Item 3.03 Material Modification to Rights of Security Holders.

The disclosures under the Introductory Note, Item 3.01, Item 5.01 and Item 5.03 are incorporated herein by reference.

Item 5.01 Changes in Control of Registrant.

The disclosures under the Introductory Note, Item 3.01, Item 5.02 and Item 5.03 are incorporated herein by reference.

As a result of the consummation of the Offer and the Merger, there was a change in control of Dicerna, and Novo, as the indirect parent of Purchaser, acquired control of Dicerna. To the knowledge of Dicerna, there are no arrangements which may at a subsequent date result in a further change in control of Dicerna.

Item 5.02 Departure of Directors or Certain Officers; Election of Directors;

Appointment of Certain Officers; Compensatory Arrangements of Certain

Officers.

Pursuant to the Merger Agreement, as of the Effective Time, the directors and officers of Purchaser immediately prior to the Effective Time became the directors and officers of the Surviving Corporation. As of the Effective Time, Douglas M. Fambrough, III, Ph.D., J. Kevin Buchi, Stephen Doberstein, Ph.D., Martin Freed, M.D., Patrick Gray, Stephen J. Hoffman, M.D., Ph.D., Adam M. Koppel, M.D., Ph.D., Marc Kozin and Cynthia Smith each ceased to be directors of Dicerna and members of any committee of Dicerna's board of directors. These departures were not a result of any disagreement between Dicerna and the directors on any matter relating to Dicerna's operations, policies or practices.

The directors of Purchaser immediately prior to the Effective Time were Jamie Haney, Ulrich Christian Otte and Thomas Haagen. The executive officer of Purchaser immediately prior to the Effective Time was Ulrich Christian Otte, President. Effective as of the Effective Time, Bob D. Brown, our Chief Scientific Officer and Senior Vice President, will be appointed to serve as President of the Company.
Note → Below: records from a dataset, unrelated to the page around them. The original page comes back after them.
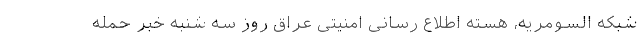
شبکه السومریه، هسته اطلاع رسانی امنیتی عراق روز سه شنبه خبر حمله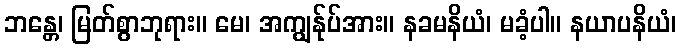
ဘန္တေ၊ မြတ်စွာဘုရား။ မေ၊ အကျွန်ုပ်အား။ နခမနိယံ၊ မခံ့ပါ။ နယာပနိယံ၊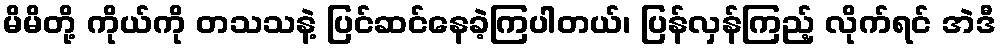
မိမိတို့ ကိုယ်ကို တသသနဲ့ ပြင်ဆင်နေခဲ့ကြပါတယ်၊ ပြန်လှန်ကြည့် လိုက်ရင် အဲဒီ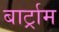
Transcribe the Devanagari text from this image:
बार्ट्राम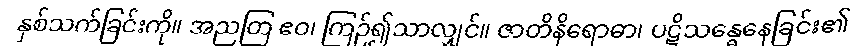
နှစ်သက်ခြင်းကို။ အညတြ ဧဝ၊ ကြဉ်၍သာလျှင်။ ဇာတိနိရောဓာ၊ ပဋိသန္ဓေနေခြင်း၏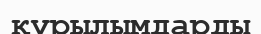
құрылымдарды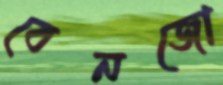
বেনজো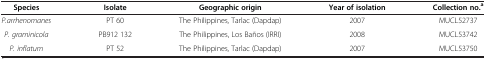
<table><thead><tr><td><b>Species</b></td><td><b>Isolate</b></td><td><b>Geographic origin</b></td><td><b>Year of isolation</b></td><td><b>Collection no.<sup>a</sup></b></td></tr></thead><tbody><tr><td><i>P.arrhenomanes</i></td><td>PT 60</td><td>The Philippines, Tarlac (Dapdap)</td><td>2007</td><td>MUCL52737</td></tr><tr><td><i>P. graminicola</i></td><td>PB912 132</td><td>The Philippines, Los Baños (IRRI)</td><td>2008</td><td>MUCL53742</td></tr><tr><td><i>P. inflatum</i></td><td>PT 52</td><td>The Philippines, Tarlac (Dapdap)</td><td>2007</td><td>MUCL53750</td></tr></tbody></table>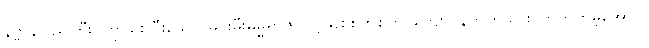
နိဗ္ဗာန်ပြည်ကြီး၊ တိုင်စေပြီးသော်၊ မင်းမီးဓမ္မရာဇ်၊ ပွင့်သစ်စက်စက်၊ ကျော်ဝှန်တက်သား၊ တုဘက်မဲ့အောင်၊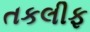
તકલીફ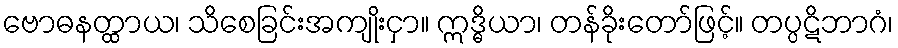
ဗောဓနတ္ထာယ၊ သိစေခြင်းအကျိုးငှာ။ ဣဒ္ဓိယာ၊ တန်ခိုးတော်ဖြင့်။ တပ္ပဋိဘာဂံ၊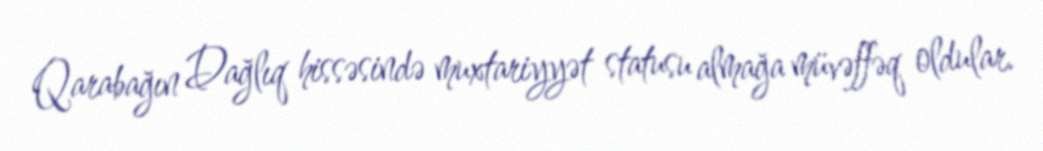
Qarabağın Dağlıq hissəsində muxtariyyət statusu almağa müvəffəq oldular.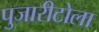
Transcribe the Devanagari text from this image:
पुजारीटोला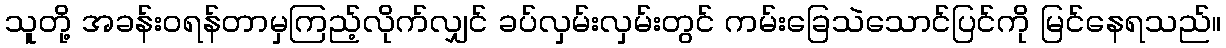
သူတို့ အခန်းဝရန်တာမှကြည့်လိုက်လျှင် ခပ်လှမ်းလှမ်းတွင် ကမ်းခြေသဲသောင်ပြင်ကို မြင်နေရသည်။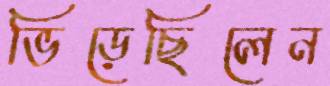
ভিড়েছিলেন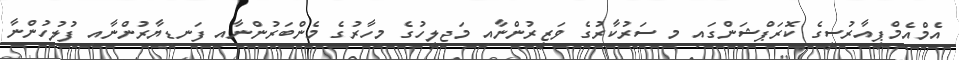
އެމްއެމްޕީއާރުސީގެ ކޮރަޕްޝަންގައި މި ސަރުކާރުގެ ވަޒީރުންނާއި މަޖިލީހުގެ މިހާރުގެ މެންބަރުންނާއި ފަނޑިޔާރުންނާއި ފުލުހުންނާ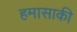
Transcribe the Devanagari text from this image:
हमासाकी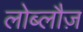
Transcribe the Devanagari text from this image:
लोब्लौज़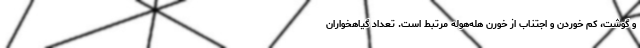
و گوشت، کم خوردن و اجتناب از خورن هله‌هوله مرتبط است. تعداد گیاهخواران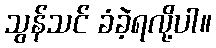
သွန်သင် ခံခဲ့ရလို့ပါ။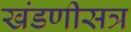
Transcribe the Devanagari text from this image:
खंडणीसत्र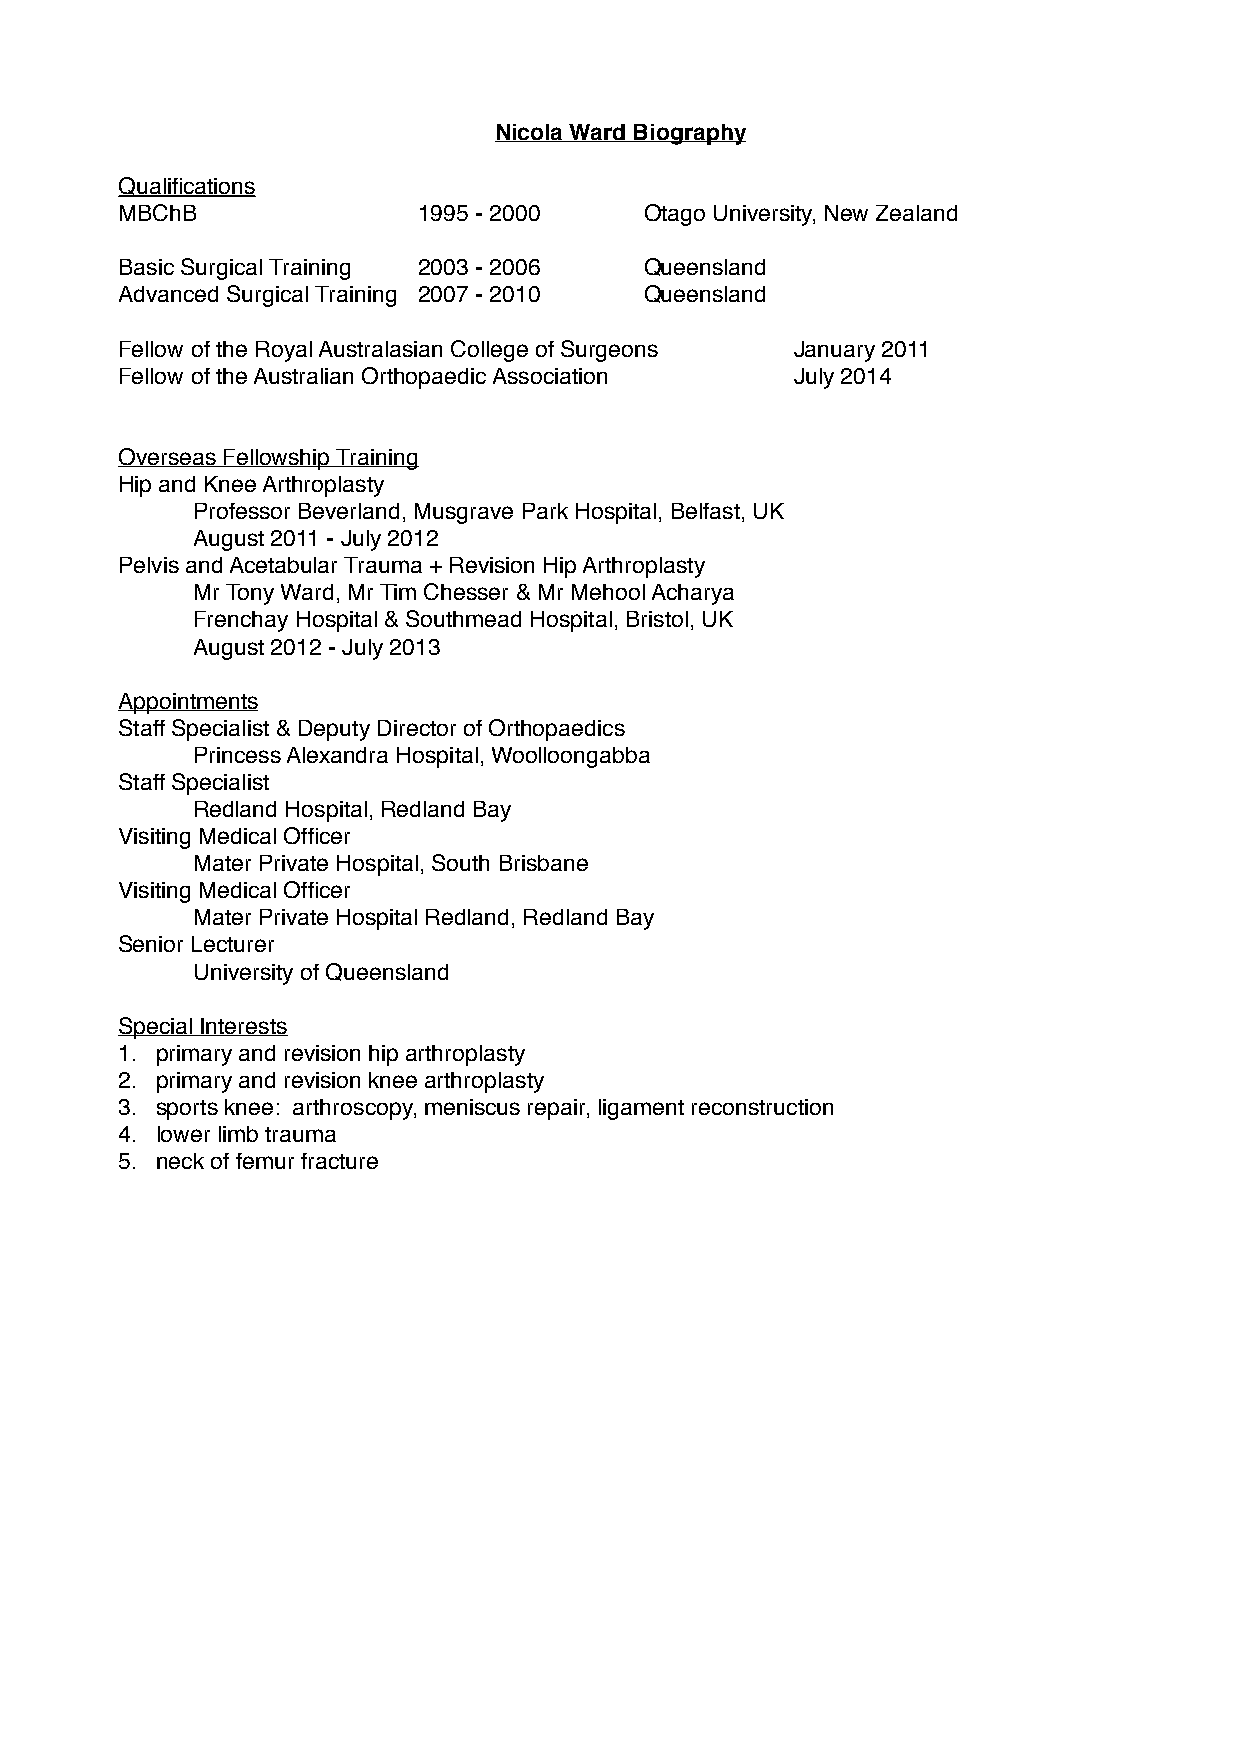
!                        Nicola Ward Biography!
 Qualifications!
 M!BChB !  !    !    1995 - 2000! ! Otago University, New Zealand!
 Basic Surgical Training! 2003 - 2006! ! Queensland!
 A!dvanced Surgical Training! 2007 - 2010! ! Queensland!
 Fellow of the Royal Australasian College of Surgeons! ! January 2011!
 F!ellow of the Australian Orthopaedic Association! ! ! July 2014!
 !
 Overseas Fellowship Training!
 Hip and Knee Arthroplasty!
 !    Professor Beverland, Musgrave Park Hospital, Belfast, UK!
 !    August 2011 - July 2012!
 Pelvis and Acetabular Trauma + Revision Hip Arthroplasty!
 !    Mr Tony Ward, Mr Tim Chesser & Mr Mehool Acharya!
 !    Frenchay Hospital & Southmead Hospital, Bristol, UK!
 !!   August 2012 - July 2013!
 Appointments!
 Staff Specialist & Deputy Director of Orthopaedics!
 !    Princess Alexandra Hospital, Woolloongabba!
 Staff Specialist!
 !    Redland Hospital, Redland Bay!
 Visiting Medical Officer!
 !    Mater Private Hospital, South Brisbane!
 Visiting Medical Officer!
 !    Mater Private Hospital Redland, Redland Bay!
 Senior Lecturer!
 !!   University of Queensland!
 Special Interests!
 1. primary and revision hip arthroplasty!
 2. primary and revision knee arthroplasty!
 3. sports knee: arthroscopy, meniscus repair, ligament reconstruction!
 4. lower limb trauma!
 5. neck of femur fracture!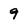
Character: 9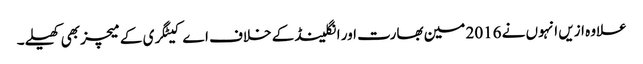
علاوہ ازیں انہوں نے 2016 مین بھارت اور انگلینڈ کے خلاف اے کیٹگری کے میچز بھی کھیلے۔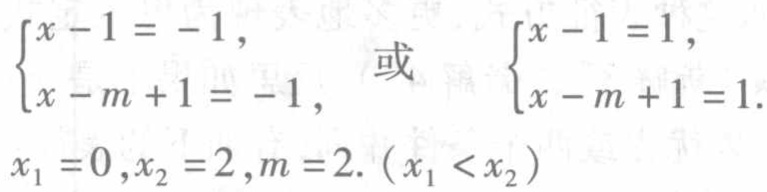
$\begin{cases}x - 1 = -1, \\x - m + 1 = -1, \end{cases}$ 或 $\begin{cases}x - 1 = 1, \\x - m + 1 = 1. \end{cases}$
$x_1 = 0,x_2 = 2,m = 2.(x_1 < x_2)$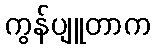
ကွန်ပျူတာက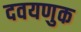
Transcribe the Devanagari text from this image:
दवयणुक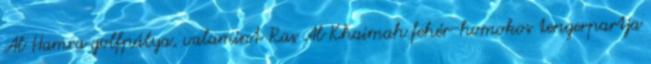
Al Hamra golfpálya, valamint Ras Al Khaimah fehér-homokos tengerpartja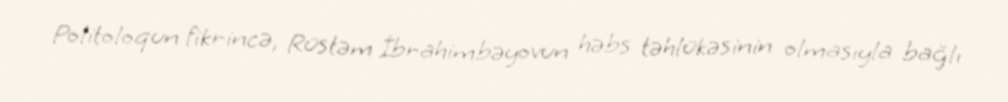
Politoloqun fikrincə, Rüstəm İbrahimbəyovun həbs təhlükəsinin olmasıyla bağlı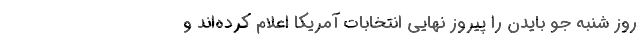
روز شنبه جو بایدن را پیروز نهایی انتخابات آمریکا اعلام کرده‌اند و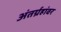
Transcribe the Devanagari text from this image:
अंतर्ग्रहांवर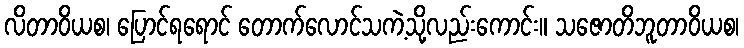
လိတာဝိယစ၊ ပြောင်ရရောင် တောက်လောင်သကဲ့သို့လည်းကောင်း။ သဇောတိဘူတာဝိယစ၊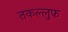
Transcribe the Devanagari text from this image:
तकल्लुफ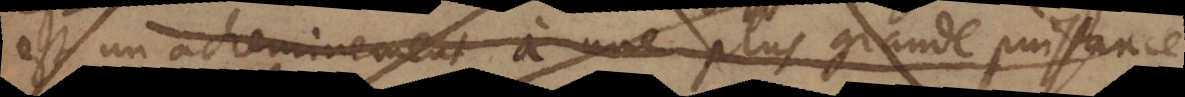
est un acheminement à une plus grande puissance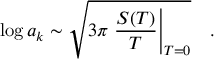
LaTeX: \log a _ { k } \sim \sqrt { 3 \pi \left. \frac { S ( T ) } { T } \right| _ { T = 0 } } \quad .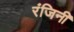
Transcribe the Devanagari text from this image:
रंजिनी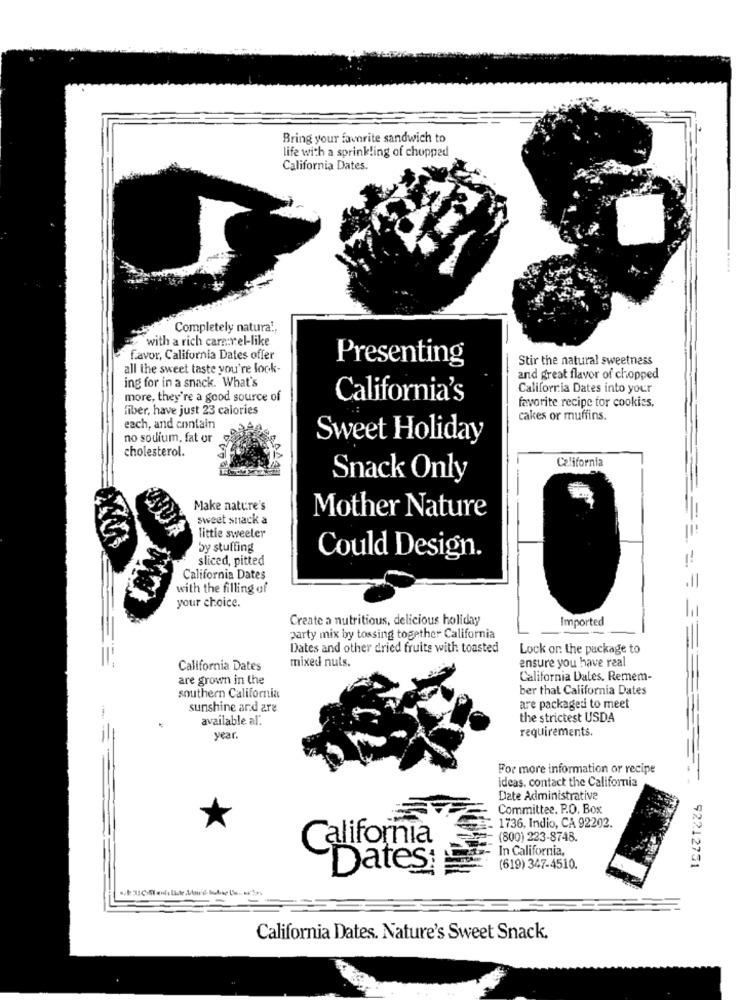
Bring your favorite sandwich to
life with a sprinkling of chopped
California Dates.
Completely natura !,
`with a rich care: el-like
favor, California Dates offer
Presenting
Stir the natural sweetness
all the sweet taste you're look-
ing for in a snack. What's
and great flavor of chopped
California Dates into your
more, they're a good source of
California's
favorite recipe for cookies,
fiber, have just 23 calories
cakes or muffins.
each, and contain
no sodium, fat or
Sweet Holiday
cholesterol.
California
Snack Only
Make nature's
sweet snack a
Mother Nature
little sweeter
by stuffing
sliced, pitted
Could Design.
California Dates
with the filling of
your choice.
Create a nutritious, delicious holiday
Imported
party mix by tossing together California
Dates and other dried fruits with toasted
Lock on the package to
ensure you have real
California Dates
mixed nuts.
are grown in the
California Dales. Remem-
ber that California Dates
southern California
sunshine and are
are packageri to meet
available al.
the strictest USDA
requirements.
year.
For more information or recipe
ideas. contact the California
======..
Date Administrative
Committee. P.O. Box
1736, Indio, CA 92202.
California
(800) 223-8748.
In California
Dates:
(619) 347-4510.
92212751
California Dates. Nature's Sweet Snack.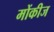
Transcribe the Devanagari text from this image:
मोंकीज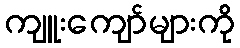
ကျူးကျော်များကို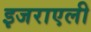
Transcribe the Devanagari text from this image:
इजराएली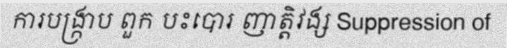
ការបង្ក្រាប ពួក បះបោរ ញាត្តិវង្ស Suppression of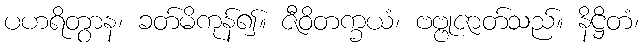
ပဟရိတွာန၊ ခတ်မိကုန်၍။ ဇီဝိတက္ခယံ၊ ဗဗ္ဗုဇာတ်သည်။ နိဋ္ဌိတံ၊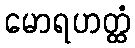
မောရဟတ္ထံ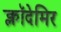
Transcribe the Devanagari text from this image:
क्लॉदेमिर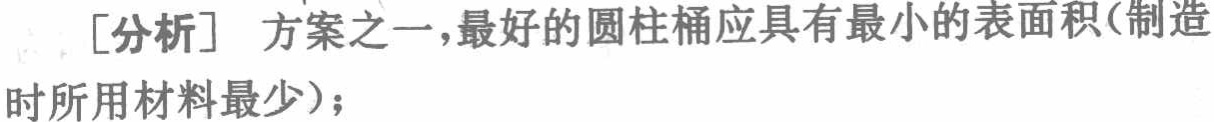
[分析] 方案之一，最好的圆柱桶应具有最小的表面积(制造时所用材料最少)；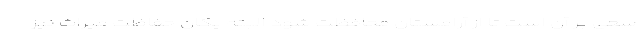
سعی بر آن است تا از آرامستان محافظت شود البته یگان حفاظت میراث نیز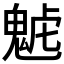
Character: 𩲼

Information regarding the new directors and executive officers has been previously disclosed in Schedule A of the Offer to Purchase filed as Exhibit (a)(1)(A) to the Tender Offer Statement on Schedule TO filed by Novo and Purchaser with the SEC on November 24, 2021, as subsequently amended, which is incorporated herein by reference.

Item 5.03 Amendments to Articles of Incorporation or Bylaws; Change of Fiscal

Year.

Pursuant to the terms of the Merger Agreement, as of the Effective Time, Dicerna's certificate of incorporation, as in effect immediately prior to the Effective Time, was amended and restated in its entirety (the "Second Amended and Restated Certificate of Incorporation"). In addition, pursuant to the terms of the Merger Agreement, at the Effective Time, Dicerna's by-laws, as in effect immediately prior to the Effective Time, were amended and restated in their entirety (the "Second Amended and Restated By-Laws").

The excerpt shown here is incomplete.